For the last decade, the Pentagon has had increasing security problems with its internal Internet networks. The Department of Defense has two private Internets (using Internet technology, but not connected to the public Internet). NIPRNet is unclassified, but not accessible to the public Internet. SIPRNet is classified, and all traffic is encrypted. You can send secret stuff via SIPRNet. However, some computers connected to SIPRNet have been infected with computer viruses. The Pentagon was alarmed at first, because the computers only used SIPRNet. As a result, they did not have any anti-virus software installed. It turned out that worm type hackware was the cause of infection, and was installed when someone used a memory stick or CD, containing the worm, to work and, well, you know the rest.

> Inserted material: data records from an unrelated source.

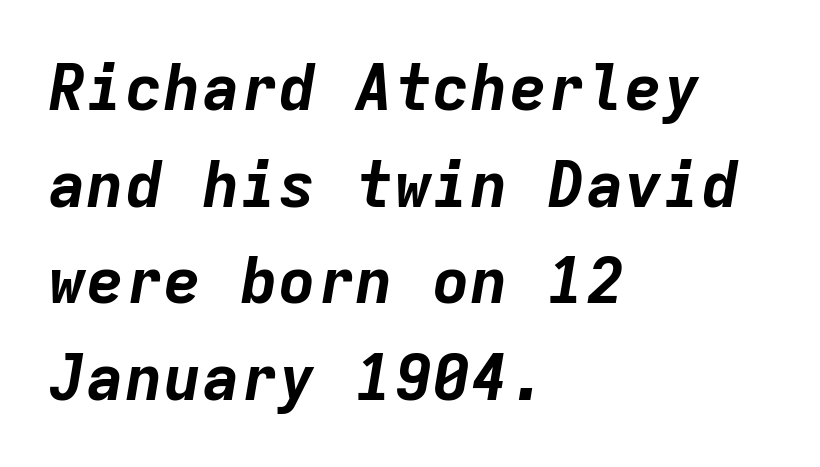
{"italic": "yes", "lean": "right", "slant_degrees": 9, "bold": "yes", "weight": "bold", "width": "normal", "stroke_contrast": "low", "x_height": "medium", "monospaced": "yes", "underline": "no", "align": "left", "line_spacing": "normal", "line_spacing_ratio": 1.51, "letter_spacing": "normal", "letter_spacing_em": 0.0, "glyph_px": 64}
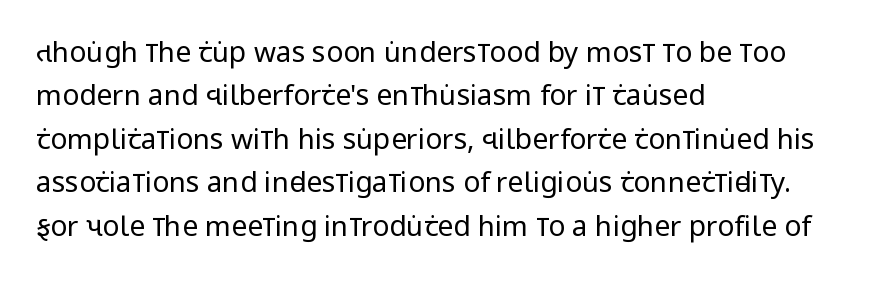
The image shows 28 px regular-weight, condensed sans-serif type, upright; set left-aligned, normal line spacing (1.55x), normal letter spacing, not underlined; low stroke contrast and a large x-height.
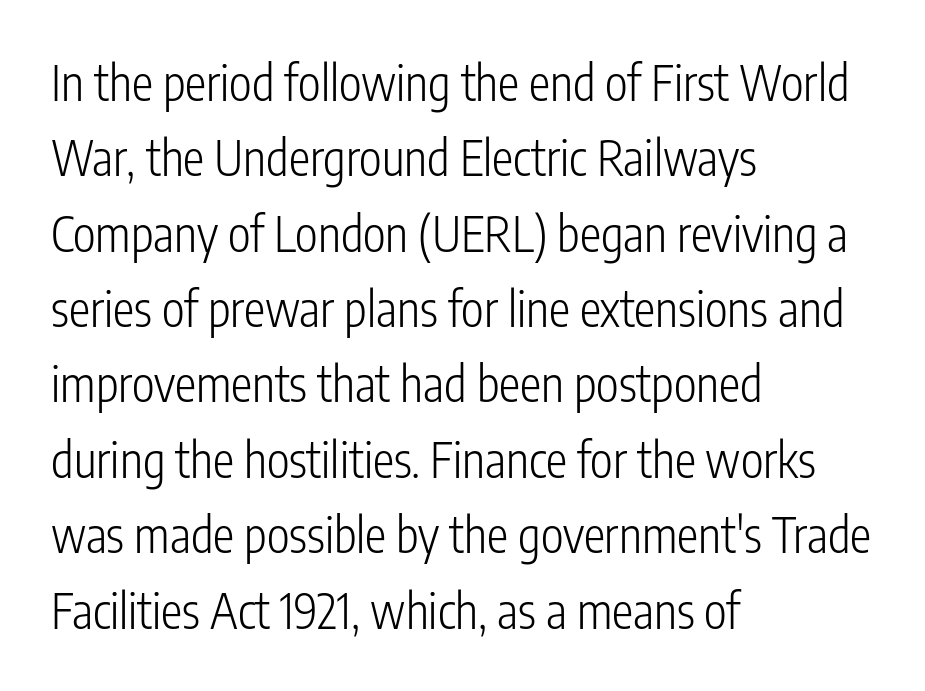
The image shows 48 px light, condensed sans-serif type, upright; set left-aligned, normal line spacing (1.57x), normal letter spacing, not underlined; low stroke contrast and a medium x-height.
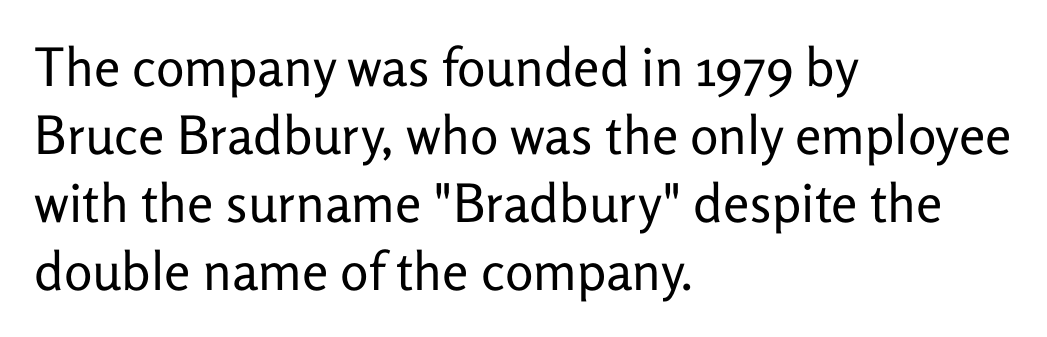
I'd call this a sans setting — the letters go barefoot. No extra ink here — the face is not bold. Tracking value appears to be zero — textbook default spacing. Upright lettering throughout. The glyphs are unaccompanied by any horizontal stroke below them. This sample is left-justified, so line endings fall wherever the words run out.

Before the Internet came along, these worms were a common method for viruses and other malware to get around (slowly, but the stuff did travel that way.) NIPRNET is also vulnerable. Even though the Department of Defense installed new hardware (special routers, for example) and software to increase security, the worms were still getting in. And with that, there was the risk of a worm being designed to seek out and collect secret information, and keep copying itself to new media until it found itself on a PC with an Internet connection. At that point, the secrets could be transmitted to the hackers who had unleashed the worm.

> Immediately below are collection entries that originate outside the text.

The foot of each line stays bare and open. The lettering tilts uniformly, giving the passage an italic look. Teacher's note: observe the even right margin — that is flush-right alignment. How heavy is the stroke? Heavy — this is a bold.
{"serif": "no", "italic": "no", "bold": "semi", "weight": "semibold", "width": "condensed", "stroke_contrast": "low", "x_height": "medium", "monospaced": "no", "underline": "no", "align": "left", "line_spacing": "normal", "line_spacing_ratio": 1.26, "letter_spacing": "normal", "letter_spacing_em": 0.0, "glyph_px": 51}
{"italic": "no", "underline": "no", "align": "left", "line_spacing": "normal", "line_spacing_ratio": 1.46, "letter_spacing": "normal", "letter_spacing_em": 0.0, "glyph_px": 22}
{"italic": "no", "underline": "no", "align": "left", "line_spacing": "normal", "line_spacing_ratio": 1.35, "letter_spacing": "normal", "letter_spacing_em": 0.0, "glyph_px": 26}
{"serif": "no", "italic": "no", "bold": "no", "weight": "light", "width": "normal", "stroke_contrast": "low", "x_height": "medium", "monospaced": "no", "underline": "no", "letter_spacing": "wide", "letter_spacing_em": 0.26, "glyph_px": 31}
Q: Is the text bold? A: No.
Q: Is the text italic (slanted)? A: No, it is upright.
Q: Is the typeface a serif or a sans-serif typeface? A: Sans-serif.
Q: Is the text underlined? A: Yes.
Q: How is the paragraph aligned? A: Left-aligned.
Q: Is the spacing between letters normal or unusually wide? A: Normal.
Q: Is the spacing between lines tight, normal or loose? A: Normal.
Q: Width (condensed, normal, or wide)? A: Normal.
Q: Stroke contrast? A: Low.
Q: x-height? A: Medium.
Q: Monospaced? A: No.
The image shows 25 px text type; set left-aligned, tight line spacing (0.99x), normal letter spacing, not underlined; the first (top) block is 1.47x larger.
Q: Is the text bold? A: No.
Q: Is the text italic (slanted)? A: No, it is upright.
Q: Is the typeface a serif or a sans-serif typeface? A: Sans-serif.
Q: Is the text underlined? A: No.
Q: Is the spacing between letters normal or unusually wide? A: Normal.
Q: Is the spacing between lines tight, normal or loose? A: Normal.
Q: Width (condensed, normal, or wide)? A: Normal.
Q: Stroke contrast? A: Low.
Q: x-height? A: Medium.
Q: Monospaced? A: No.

The military is a big user of the public Internet, and they have discovered that most of the intrusions (hacks and viruses) are the result of poor configuration (not keeping the hardware and software set up correctly to defeat known vulnerabilities), or not installing patches and security update in time. The rest of the intrusions come from more mundane problems, like using an easily cracked password, or no password at all. Network security has always been a people problem, and these recent incidents are a sharp reminder of that.
It's easy for troops to be doing something on SIPRNET, then switch to the Internet, and forget that they are now on an unsecure network. Warnings about that sort of thing have not cured the problem. The Internet is too useful for the troops, especially for discussing technical and tactical matters with other soldiers. The army has tried to control the problem by monitoring military accounts (those ending in .mil), but the troops quickly got hip to that, and opened another account from Yahoo or Google, for their more casual web surfing, and for discussions with other troops. The Internet has been a major benefit for combat soldiers, enabling them to share first hand information quickly, and accurately. That's why the troops were warned that the enemy is actively searching for anything G.I.s post, and this stuff has been found at terrorist web sites, and on captured enemy laptops. In reality, information spreads among terrorists much more slowly than among American troops. But if soldiers discuss tactics and techniques in an open venue, including posting pictures and videos, the enemy will eventually find and download it. The terrorists could speed up this process if they could get the right hackware inside American military computers.